Can I hunt over bait on private land? It is unlawful to hunt over bait, or place bait to attract big game for the purpose of hunting, in deer hunting units 3A1, 3A2, 3A3 north of U.S. Highway 2, 3B1, 3C west of the Missouri River, 3E1, 3E2, 3F1 and 3F2.
What if I want to have a mount made by a taxidermist and take the meat to a butcher shop? How do I keep the tag with it all? The tag should remain with the antlers and the carcass tag should remain with the meat.
I shot a deer in a unit that has carcass transportation restrictions (3A1, 3B1, 3F2). What field dressing restrictions must I follow? Hunters cannot transport the whole carcass containing the head and spinal column outside of the unit. Exceptions: meat that has been boned out; quarters or other portions of meat with no part of the spinal column or head attached; meat that is cut and wrapped either commercially or privately; hides with no heads attached; skull plates with antlers attached having no hide or brain tissue present; intact skulls with the hide, eyes, lower jaw and associated soft tissue removed, and no visible brain or spinal cord tissue present; antlers with no meat or tissue attached; upper canine teeth, also known as buglers, whistlers or ivories; and finished taxidermy heads. However, hunters can transport the whole deer carcass between units 3A1 and 3B1 during any open deer season.
Can I retrieve a wounded deer from posted land? If the deer was shot on land where you had a legal right to be and it ran onto posted land, you may retrieve it. However, you may not take a firearm or bow with you. The department suggests contacting the landowner as a courtesy prior to entering.
What if the landowner says I cannot retrieve a deer from posted land that was shot on land where I had a right to be? Contact a game warden.

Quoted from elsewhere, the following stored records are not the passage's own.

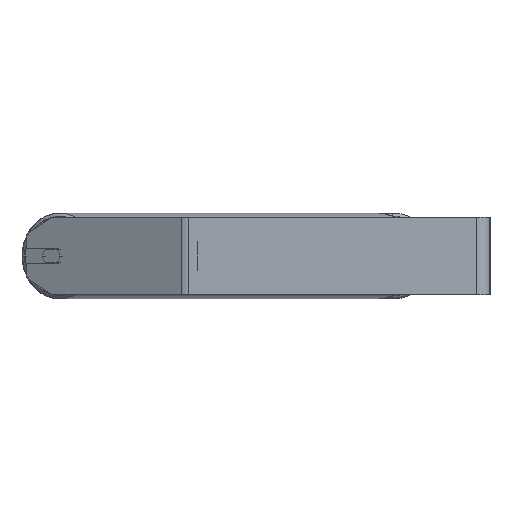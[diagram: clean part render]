
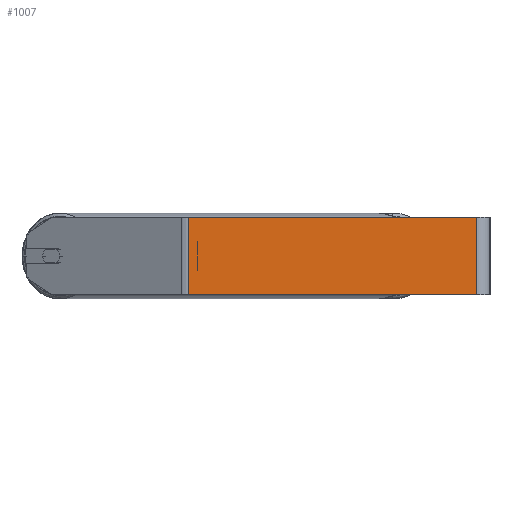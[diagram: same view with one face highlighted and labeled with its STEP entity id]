
A CAD part, left-side view. The second image highlights one B-rep face of the part: STEP entity #1007.
In plain terms, the highlighted planar face has unit normal (-1, 0, 0).
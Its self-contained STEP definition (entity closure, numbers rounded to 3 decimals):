
#35 = DIRECTION ( 'NONE',  ( 0., -1., 0. ) ) ;
#312 = CARTESIAN_POINT ( 'NONE',  ( -1045., 312.938, 40. ) ) ;
#793 = CARTESIAN_POINT ( 'NONE',  ( -1045., 312.938, -40. ) ) ;
#902 = ORIENTED_EDGE ( 'NONE', *, *, #8095, .F. ) ;
#937 = CARTESIAN_POINT ( 'NONE',  ( -1045., 316.689, 40. ) ) ;
#941 = EDGE_LOOP ( 'NONE', ( #4500, #8619, #902, #4552 ) ) ;
#1007 = ADVANCED_FACE ( 'NONE', ( #4167 ), #1325, .F. ) ;
#1056 = EDGE_CURVE ( 'NONE', #1655, #5215, #4823, .T. ) ;
#1325 = PLANE ( 'NONE',  #6551 ) ;
#1655 = VERTEX_POINT ( 'NONE', #1976 ) ;
#1681 = DIRECTION ( 'NONE',  ( 0., 0., -1. ) ) ;
#1976 = CARTESIAN_POINT ( 'NONE',  ( -1045., 312.938, 40. ) ) ;
#2855 = VECTOR ( 'NONE', #4269, 1000. ) ;
#3196 = EDGE_CURVE ( 'NONE', #5215, #4838, #3699, .T. ) ;
#3368 = DIRECTION ( 'NONE',  ( 0., 0., -1. ) ) ;
#3443 = CARTESIAN_POINT ( 'NONE',  ( -1045., 316.689, -40. ) ) ;
#3574 = LINE ( 'NONE', #4847, #5809 ) ;
#3699 = LINE ( 'NONE', #3443, #5472 ) ;
#4032 = CARTESIAN_POINT ( 'NONE',  ( -1045., 316.689, 40. ) ) ;
#4167 = FACE_OUTER_BOUND ( 'NONE', #941, .T. ) ;
#4269 = DIRECTION ( 'NONE',  ( 0., -1., 0. ) ) ;
#4500 = ORIENTED_EDGE ( 'NONE', *, *, #3196, .T. ) ;
#4552 = ORIENTED_EDGE ( 'NONE', *, *, #1056, .T. ) ;
#4775 = DIRECTION ( 'NONE',  ( 1., 0., 0. ) ) ;
#4823 = LINE ( 'NONE', #312, #7395 ) ;
#4838 = VERTEX_POINT ( 'NONE', #4929 ) ;
#4847 = CARTESIAN_POINT ( 'NONE',  ( -1045., 14., 40. ) ) ;
#4876 = LINE ( 'NONE', #937, #2855 ) ;
#4929 = CARTESIAN_POINT ( 'NONE',  ( -1045., 14., -40. ) ) ;
#5215 = VERTEX_POINT ( 'NONE', #793 ) ;
#5472 = VECTOR ( 'NONE', #35, 1000. ) ;
#5809 = VECTOR ( 'NONE', #6269, 1000. ) ;
#6269 = DIRECTION ( 'NONE',  ( 0., 0., -1. ) ) ;
#6551 = AXIS2_PLACEMENT_3D ( 'NONE', #4032, #4775, #3368 ) ;
#7015 = VERTEX_POINT ( 'NONE', #8492 ) ;
#7395 = VECTOR ( 'NONE', #1681, 1000. ) ;
#7700 = EDGE_CURVE ( 'NONE', #7015, #4838, #3574, .T. ) ;
#8095 = EDGE_CURVE ( 'NONE', #1655, #7015, #4876, .T. ) ;
#8492 = CARTESIAN_POINT ( 'NONE',  ( -1045., 14., 40. ) ) ;
#8619 = ORIENTED_EDGE ( 'NONE', *, *, #7700, .F. ) ;

Can I drive off a trail on private land to retrieve a deer? Unless prohibited by a landowner or operator, you may drive off-trail on private land once a deer has been killed and properly tagged. You must proceed to the carcass by the shortest accessible route and return to the road or trail by the same route.
Can I transport someone else’s deer? Yes, but you will need a transportation permit from a game warden. The license holder, person transporting the animal, and the carcass must be presented to the game warden before the permit is issued.
May I carry a pistol when I am hunting with a deer rifle? Yes, but the handgun must meet minimum requirements listed in the deer hunting regulations to be legal for taking deer.
Can I carry both bow and gun afield during deer gun season if I have both licenses? Yes, but only if you are going to fill your gun license. No firearms, except handguns, may be in the hunter’s possession while hunting with a deer bow license. However, handguns may not be used in any manner to assist in the harvest of a deer with an archery license.